## WHAT IS REQUIRED
Set down each entry below exactly as written, keeping the pictures out.

Start of EXTRACTED RECORDS

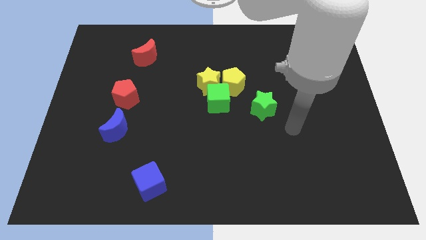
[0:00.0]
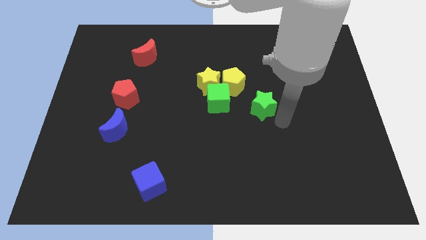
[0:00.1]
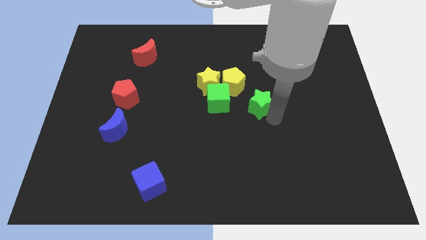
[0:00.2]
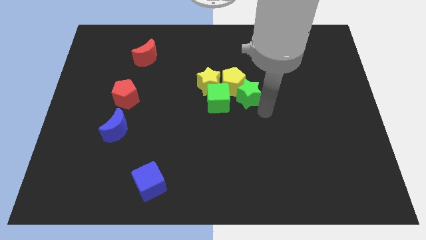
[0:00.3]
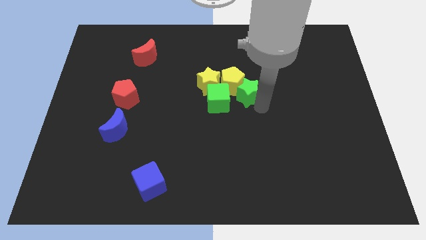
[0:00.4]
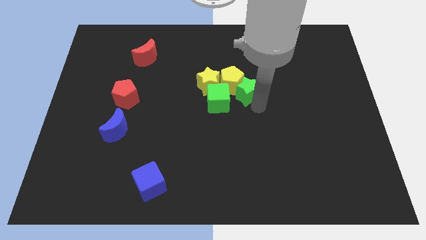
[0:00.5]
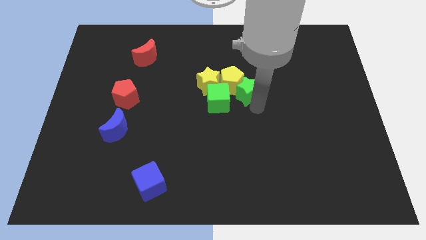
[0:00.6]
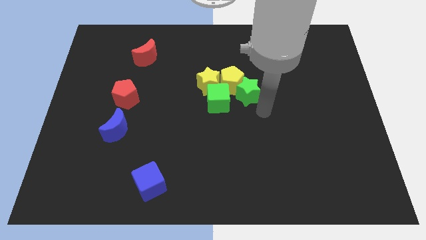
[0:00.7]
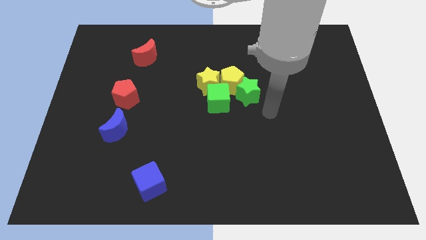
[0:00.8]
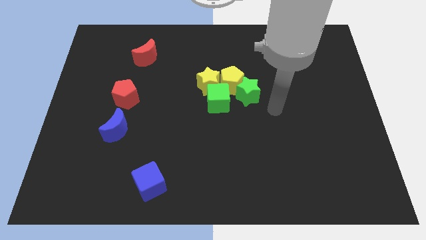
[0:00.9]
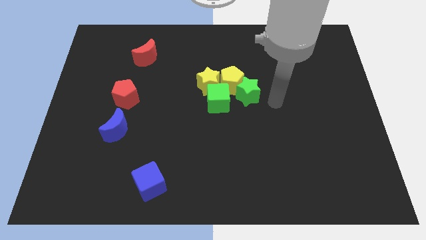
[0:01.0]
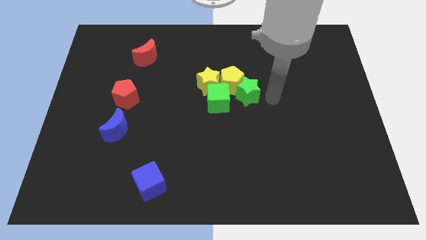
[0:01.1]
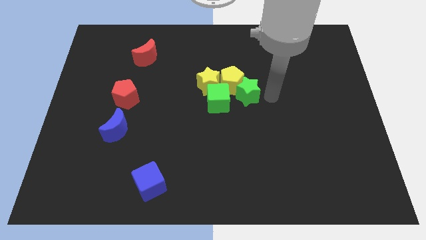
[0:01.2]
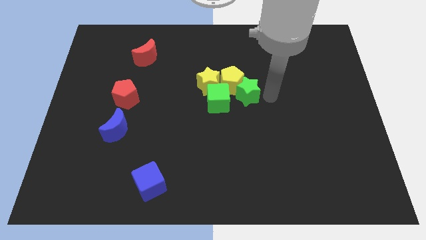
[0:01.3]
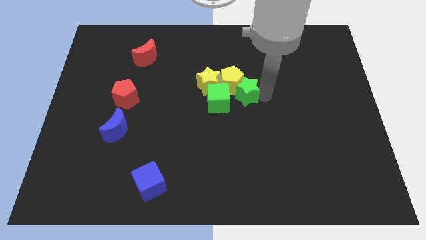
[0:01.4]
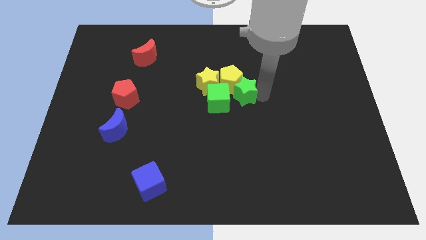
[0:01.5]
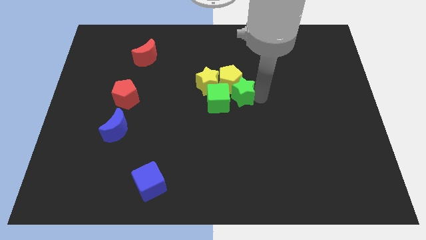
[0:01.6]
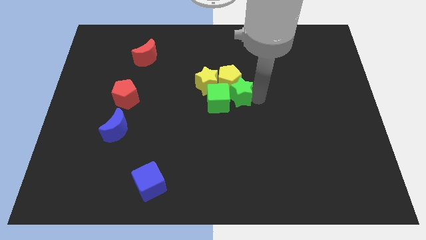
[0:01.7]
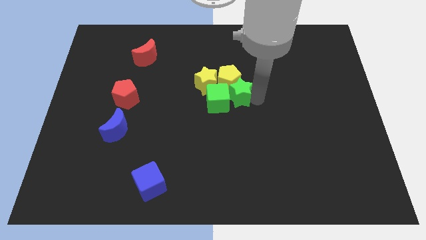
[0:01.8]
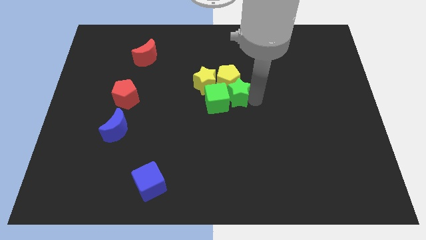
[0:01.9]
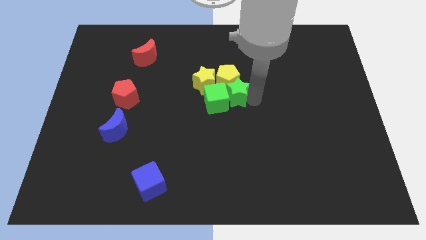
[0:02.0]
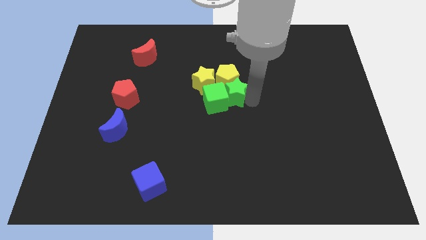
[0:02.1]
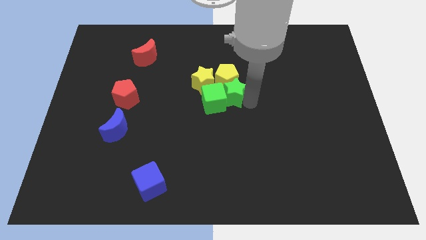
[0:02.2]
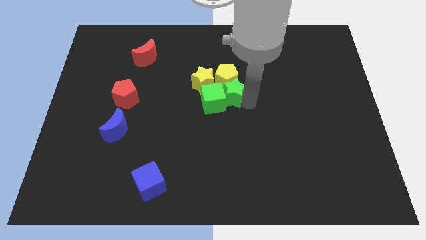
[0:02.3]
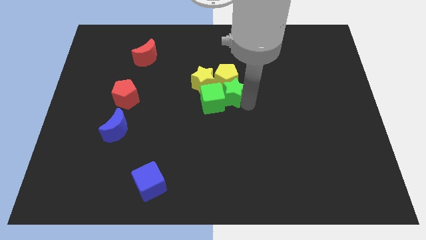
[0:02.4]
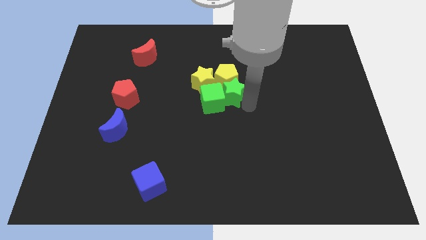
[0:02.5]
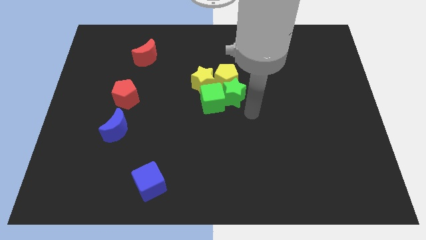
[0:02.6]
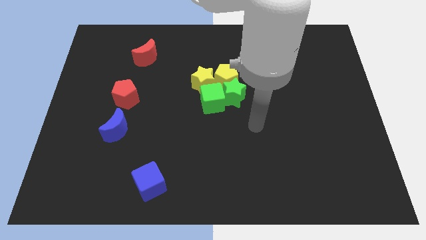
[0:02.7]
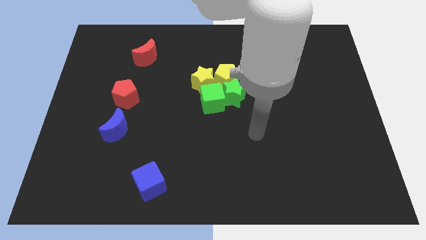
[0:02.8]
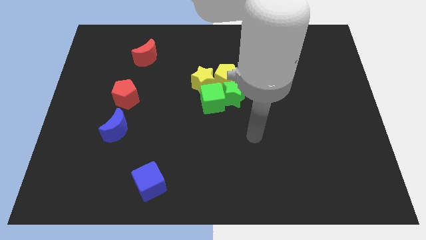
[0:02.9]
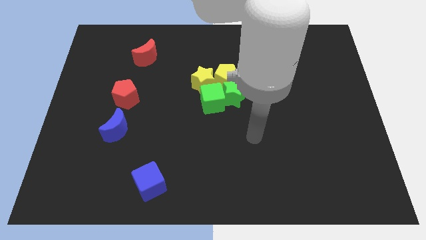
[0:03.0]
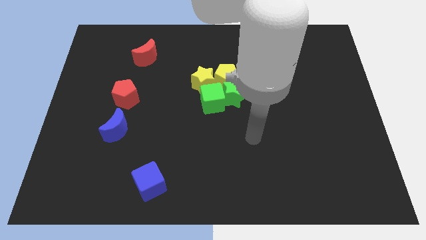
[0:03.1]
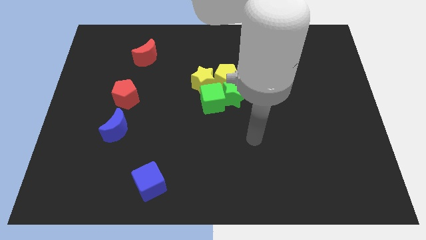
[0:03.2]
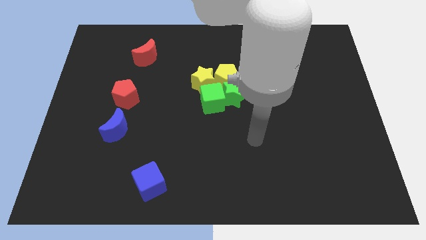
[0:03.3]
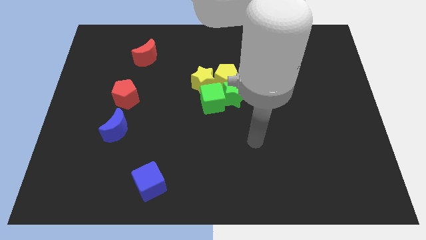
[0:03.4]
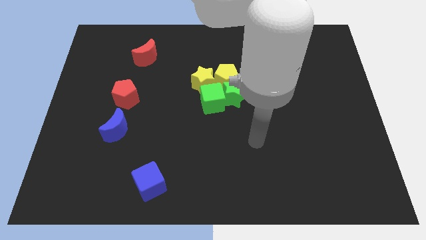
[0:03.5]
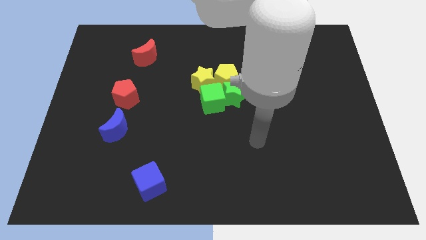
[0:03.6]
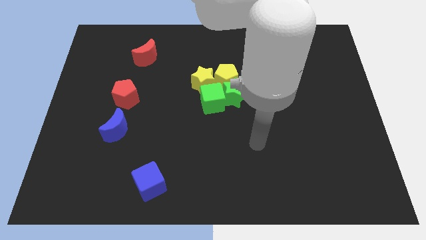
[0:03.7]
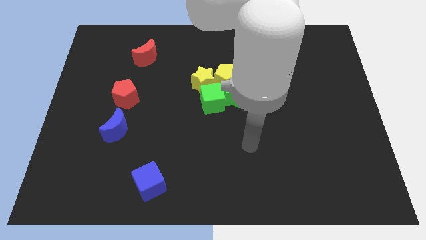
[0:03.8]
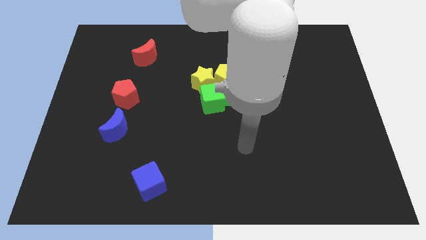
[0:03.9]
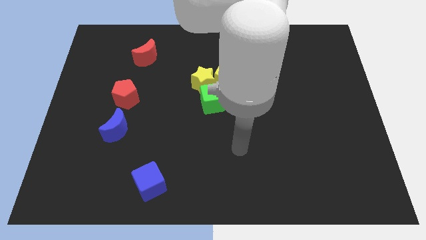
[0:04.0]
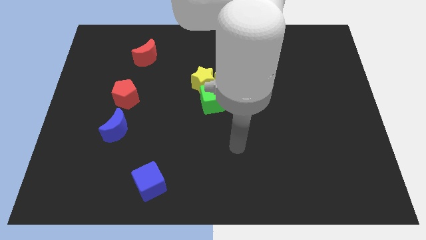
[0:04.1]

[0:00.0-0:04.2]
push the green star into the group of blocks

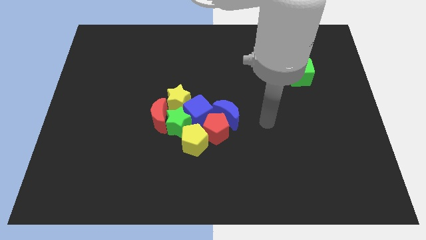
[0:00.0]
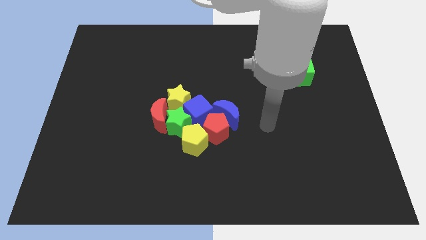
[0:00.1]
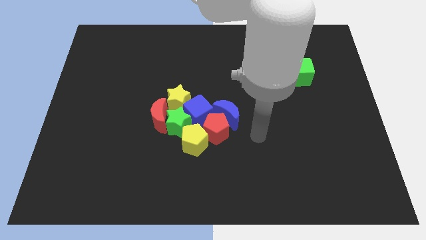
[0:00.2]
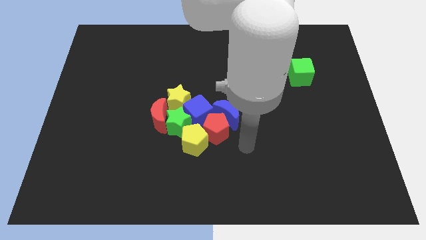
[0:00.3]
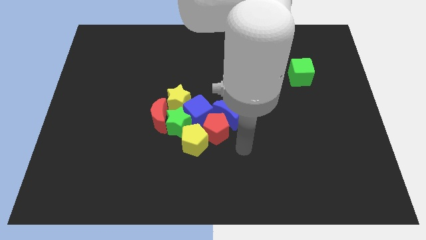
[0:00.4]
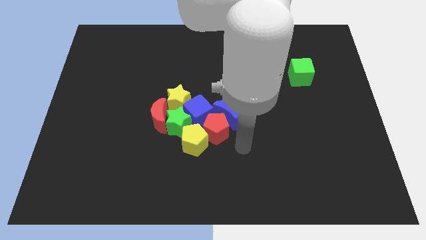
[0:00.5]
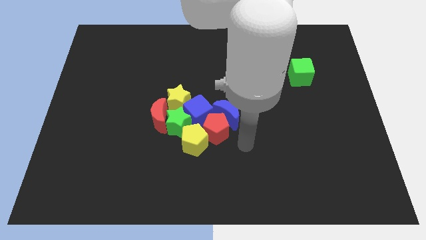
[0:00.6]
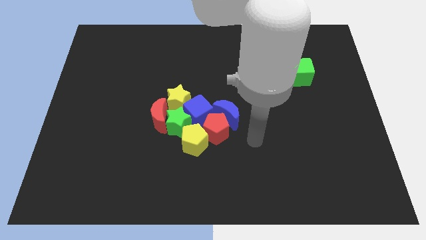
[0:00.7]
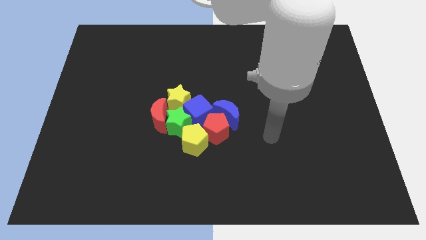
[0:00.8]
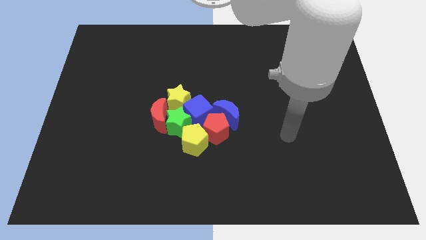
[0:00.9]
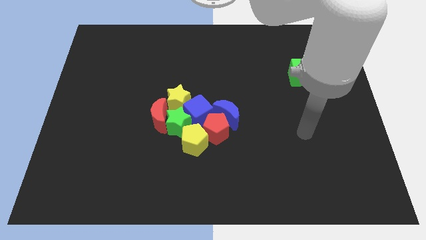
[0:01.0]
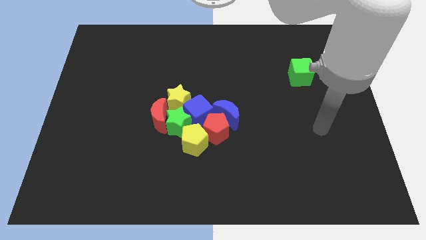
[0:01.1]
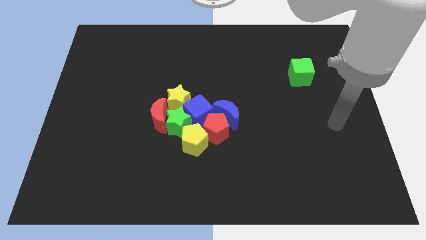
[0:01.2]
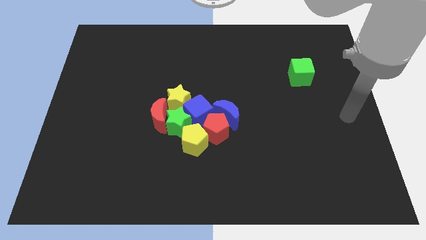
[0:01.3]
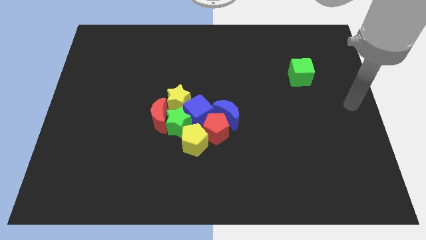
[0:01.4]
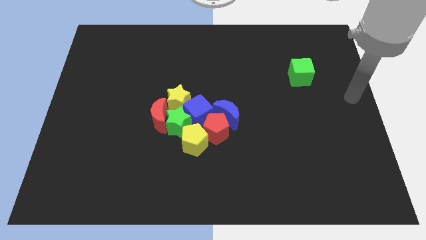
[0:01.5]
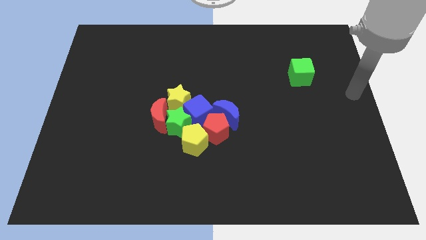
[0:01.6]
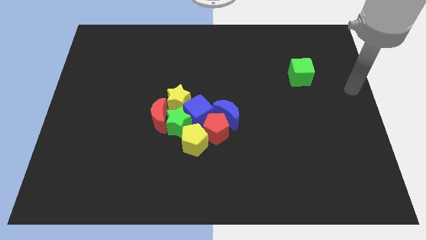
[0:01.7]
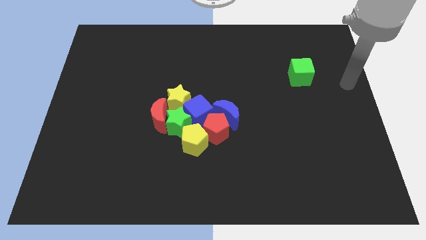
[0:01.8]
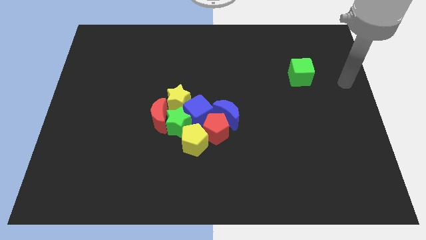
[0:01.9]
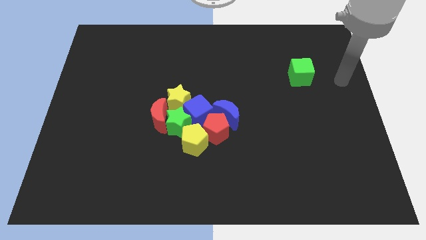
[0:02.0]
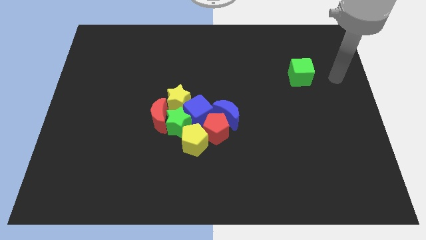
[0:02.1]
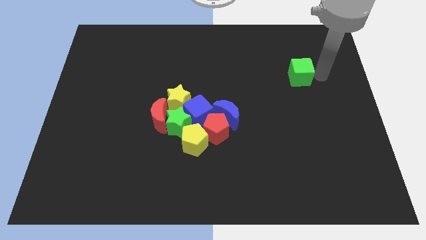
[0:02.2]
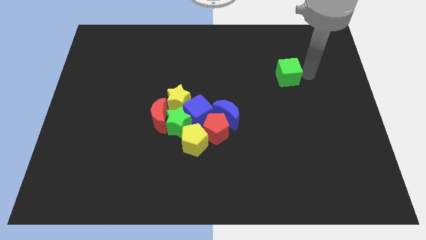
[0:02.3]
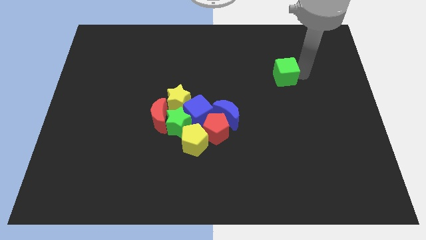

End of EXTRACTED RECORDS

## ANSWER BELOW
[0:00.0]
[0:00.1]
[0:00.2]
[0:00.3]
[0:00.4]
[0:00.5]
[0:00.6]
[0:00.7]
[0:00.8]
[0:00.9]
[0:01.0]
[0:01.1]
[0:01.2]
[0:01.3]
[0:01.4]
[0:01.5]
[0:01.6]
[0:01.7]
[0:01.8]
[0:01.9]
[0:02.0]
[0:02.1]
[0:02.2]
[0:02.3]
[0:02.4]
[0:02.5]
[0:02.6]
[0:02.7]
[0:02.8]
[0:02.9]
[0:03.0]
[0:03.1]
[0:03.2]
[0:03.3]
[0:03.4]
[0:03.5]
[0:03.6]
[0:03.7]
[0:03.8]
[0:03.9]
[0:04.0]
[0:04.1]

[0:00.0-0:04.2]
push the green star into the group of blocks

[0:00.0]
[0:00.1]
[0:00.2]
[0:00.3]
[0:00.4]
[0:00.5]
[0:00.6]
[0:00.7]
[0:00.8]
[0:00.9]
[0:01.0]
[0:01.1]
[0:01.2]
[0:01.3]
[0:01.4]
[0:01.5]
[0:01.6]
[0:01.7]
[0:01.8]
[0:01.9]
[0:02.0]
[0:02.1]
[0:02.2]
[0:02.3]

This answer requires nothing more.